Controlling speech, audio, and avatars
Today’s digest spans new ways to shape how machines speak, listen, and move: from universal audio generation and controlled TTS to stronger ASR alignment and adaptive speech encoders. It also includes a fresh step toward smoother digital-human motion from sparse sensor input.
AudioCALM architecture overview illustrating the continuous autoregressive model with flow-matching head and asymmetric experts for universal audio generation. From AudioCALM.
Digital Humans & Avatar Motion
SpeechLLMs & Spoken Audio Generation
CAAD
CAAD: Contrastive Audio-Aware Distillation for Efficient Speech Language Models
CAAD distills contrastive audio-aware decoding into a student model to improve speech language understanding with efficiency and stronger acoustic grounding. It uses synchronized teacher forcing and metadata-based pseudo-ground truths to distill contrastive reasoning without inference-time overhead.
AudioCALM
AudioCALM: Continuous Autoregressive Language Modeling for Universal Audio Generation
AudioCALM is a universal audio generation model that autoregressively predicts continuous audio latents to unify speech, sound, and music synthesis. It balances modality differences with asymmetric experts and descriptive conditioning for high-quality, variable-length, end-to-end audio generation.
TTS & Voice Synthesis
FlowTTS-GRPO
FlowTTS-GRPO: Online Reinforcement Learning with Multi-Objective Reward Optimization for Flow-Matching Based Text-to-Speech
FlowTTS-GRPO uses online reinforcement learning to fine-tune flow-matching TTS models with multi-objective rewards for speaker similarity, quality, and intelligibility. It enables exploration via stochastic sampling without auxiliary models, improving voice cloning and cross-lingual transfer.
LombardTTS
Synthesizing the Lombard Effect: Multi-Level Control of Speech Clarity and Vocal Effort in TTS
This paper presents a TTS system that independently controls vocal effort and articulation to simulate the Lombard effect, enhancing speech clarity and intelligibility in noisy conditions. It enables continuous multi-level and word-level control for nuanced, context-specific speech emphasis.

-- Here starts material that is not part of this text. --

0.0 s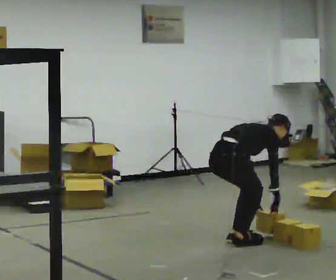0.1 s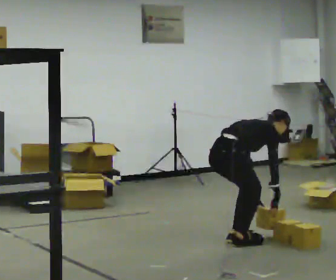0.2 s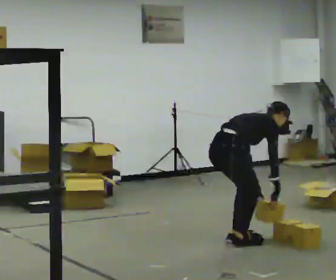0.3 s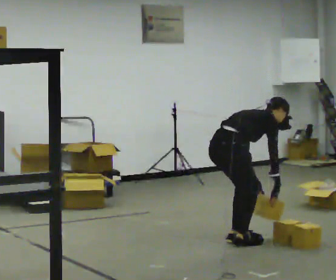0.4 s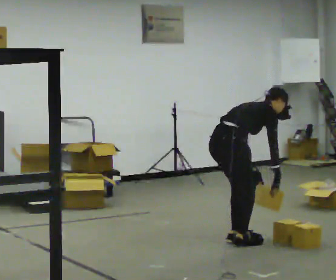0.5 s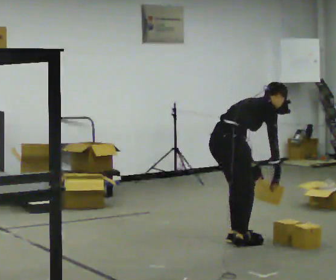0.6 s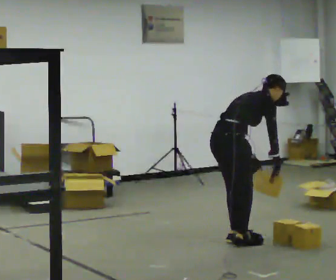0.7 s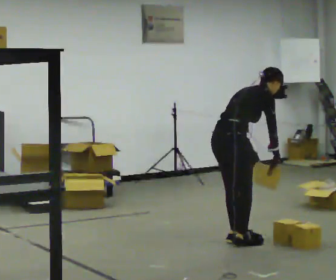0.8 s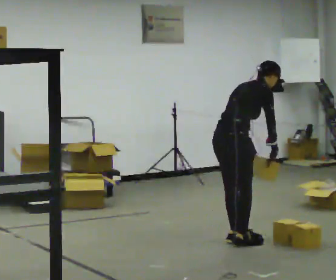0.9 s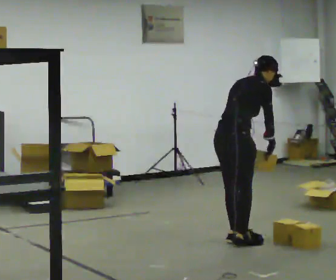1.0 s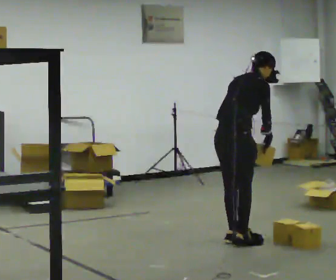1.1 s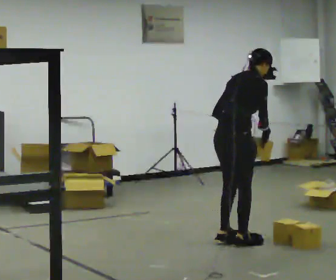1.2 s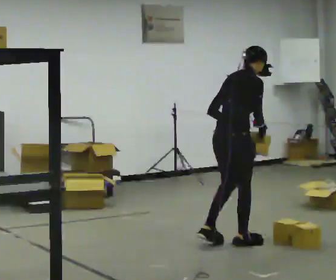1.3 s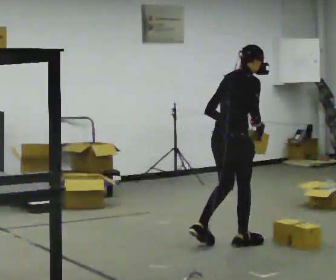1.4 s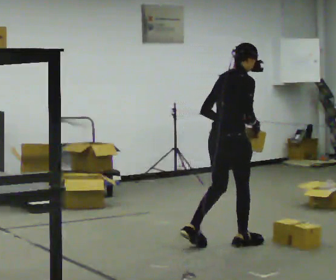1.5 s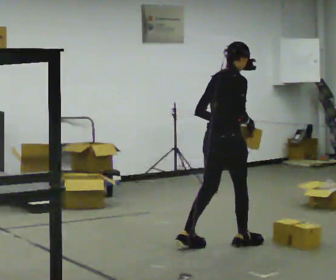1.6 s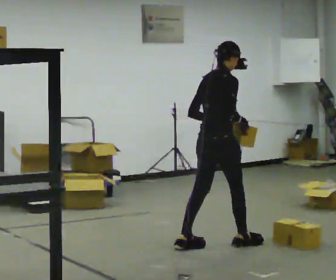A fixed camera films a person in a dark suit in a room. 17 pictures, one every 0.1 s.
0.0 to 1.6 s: The upper body goes upward. In the picture the upper body tilts counterclockwise, shoulders to the left, as they lean back or straighten. In the picture their left hand goes upward and to the left.
The film runs backward here.

ASR Architectures & Adaptation
InterAligner
Progressive Alignment Objectives for Aligner-Encoder based ASR
InterAligner enhances Aligner-Encoder ASR by adding progressive alignment objectives at intermediate layers, guiding the encoder to form monotonic alignment gradually. This approach stabilizes training and improves recognition, especially on long utterances, outperforming methods using only final-layer alignment.
Audio-Image Alignment for Low-Resource ASR
Audio--Image Alignment as a Continued-Pretraining Stage Improves Low-Resource ASR
This paper proposes an intermediate pretraining step using audio-image pairs to adapt pretrained audio encoders without transcripts. This stage improves ASR performance in low-resource languages by enhancing representation robustness and transferability before supervised fine-tuning.